Items from a dataset:
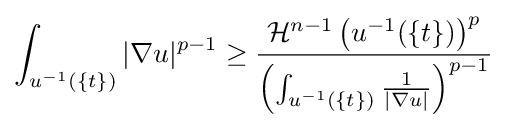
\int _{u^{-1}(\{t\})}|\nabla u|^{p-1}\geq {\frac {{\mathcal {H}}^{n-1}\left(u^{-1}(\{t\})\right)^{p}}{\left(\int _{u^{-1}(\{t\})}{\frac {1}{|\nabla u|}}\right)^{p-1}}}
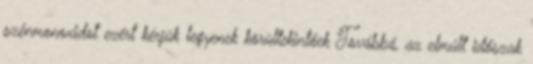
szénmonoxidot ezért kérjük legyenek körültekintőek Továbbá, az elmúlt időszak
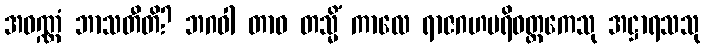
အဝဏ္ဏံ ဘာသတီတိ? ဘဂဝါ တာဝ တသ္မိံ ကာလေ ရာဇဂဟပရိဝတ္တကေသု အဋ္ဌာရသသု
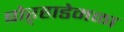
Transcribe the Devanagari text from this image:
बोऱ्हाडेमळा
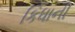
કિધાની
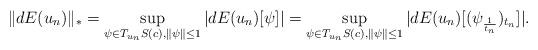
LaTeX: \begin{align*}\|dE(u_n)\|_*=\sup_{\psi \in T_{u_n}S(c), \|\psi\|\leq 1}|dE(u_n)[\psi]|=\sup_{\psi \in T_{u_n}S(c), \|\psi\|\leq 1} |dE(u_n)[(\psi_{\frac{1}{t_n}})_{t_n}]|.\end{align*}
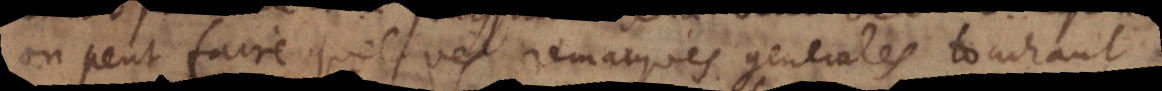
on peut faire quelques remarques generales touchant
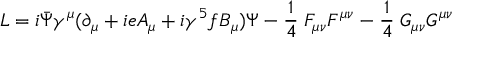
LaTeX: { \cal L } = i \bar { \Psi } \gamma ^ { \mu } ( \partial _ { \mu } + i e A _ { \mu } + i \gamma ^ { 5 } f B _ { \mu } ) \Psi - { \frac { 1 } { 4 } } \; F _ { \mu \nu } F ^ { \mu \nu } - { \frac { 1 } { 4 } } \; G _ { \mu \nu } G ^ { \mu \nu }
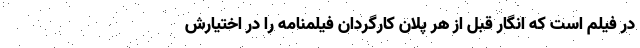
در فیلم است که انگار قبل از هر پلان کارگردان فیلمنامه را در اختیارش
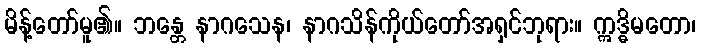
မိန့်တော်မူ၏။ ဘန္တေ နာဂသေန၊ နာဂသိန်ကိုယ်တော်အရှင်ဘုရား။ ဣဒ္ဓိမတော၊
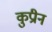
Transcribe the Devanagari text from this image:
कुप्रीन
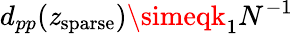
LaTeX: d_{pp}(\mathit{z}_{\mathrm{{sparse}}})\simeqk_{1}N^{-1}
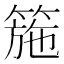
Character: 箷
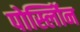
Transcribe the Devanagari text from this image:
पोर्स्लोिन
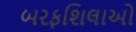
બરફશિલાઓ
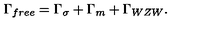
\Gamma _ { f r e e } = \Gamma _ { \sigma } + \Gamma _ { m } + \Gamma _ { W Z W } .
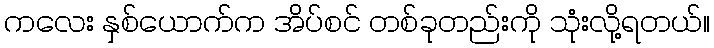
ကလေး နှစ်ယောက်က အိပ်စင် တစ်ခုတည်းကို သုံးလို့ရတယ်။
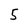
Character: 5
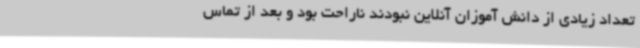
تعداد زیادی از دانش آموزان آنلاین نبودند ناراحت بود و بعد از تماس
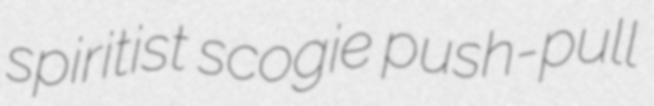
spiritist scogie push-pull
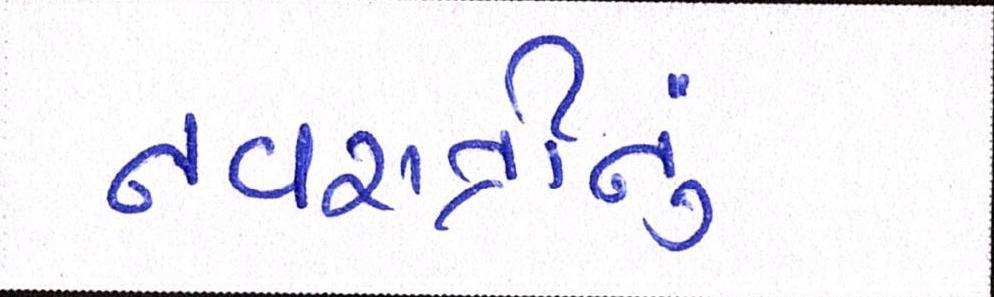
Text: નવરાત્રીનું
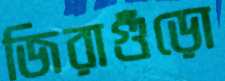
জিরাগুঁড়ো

- What the task requires -
With images omitted, retype the data word for word.

- Response to this task -
\int _{u^{-1}(\{t\})}|\nabla u|^{p-1}\geq {\frac {{\mathcal {H}}^{n-1}\left(u^{-1}(\{t\})\right)^{p}}{\left(\int _{u^{-1}(\{t\})}{\frac {1}{|\nabla u|}}\right)^{p-1}}}
szénmonoxidot ezért kérjük legyenek körültekintőek Továbbá, az elmúlt időszak
အဝဏ္ဏံ ဘာသတီတိ? ဘဂဝါ တာဝ တသ္မိံ ကာလေ ရာဇဂဟပရိဝတ္တကေသု အဋ္ဌာရသသု
Transcribe the Devanagari text from this image:
बोऱ्हाडेमळा
કિધાની
LaTeX: \begin{align*}\|dE(u_n)\|_*=\sup_{\psi \in T_{u_n}S(c), \|\psi\|\leq 1}|dE(u_n)[\psi]|=\sup_{\psi \in T_{u_n}S(c), \|\psi\|\leq 1} |dE(u_n)[(\psi_{\frac{1}{t_n}})_{t_n}]|.\end{align*}
on peut faire quelques remarques generales touchant
LaTeX: { \cal L } = i \bar { \Psi } \gamma ^ { \mu } ( \partial _ { \mu } + i e A _ { \mu } + i \gamma ^ { 5 } f B _ { \mu } ) \Psi - { \frac { 1 } { 4 } } \; F _ { \mu \nu } F ^ { \mu \nu } - { \frac { 1 } { 4 } } \; G _ { \mu \nu } G ^ { \mu \nu }
در فیلم است که انگار قبل از هر پلان کارگردان فیلمنامه را در اختیارش
မိန့်တော်မူ၏။ ဘန္တေ နာဂသေန၊ နာဂသိန်ကိုယ်တော်အရှင်ဘုရား။ ဣဒ္ဓိမတော၊
Transcribe the Devanagari text from this image:
कुप्रीन
LaTeX: d_{pp}(\mathit{z}_{\mathrm{{sparse}}})\simeqk_{1}N^{-1}
Character: 箷
Transcribe the Devanagari text from this image:
पोर्स्लोिन
બરફશિલાઓ
\Gamma _ { f r e e } = \Gamma _ { \sigma } + \Gamma _ { m } + \Gamma _ { W Z W } .
ကလေး နှစ်ယောက်က အိပ်စင် တစ်ခုတည်းကို သုံးလို့ရတယ်။
Character: 5
تعداد زیادی از دانش آموزان آنلاین نبودند ناراحت بود و بعد از تماس
spiritist scogie push-pull
Text: નવરાત્રીનું
জিরাগুঁড়ো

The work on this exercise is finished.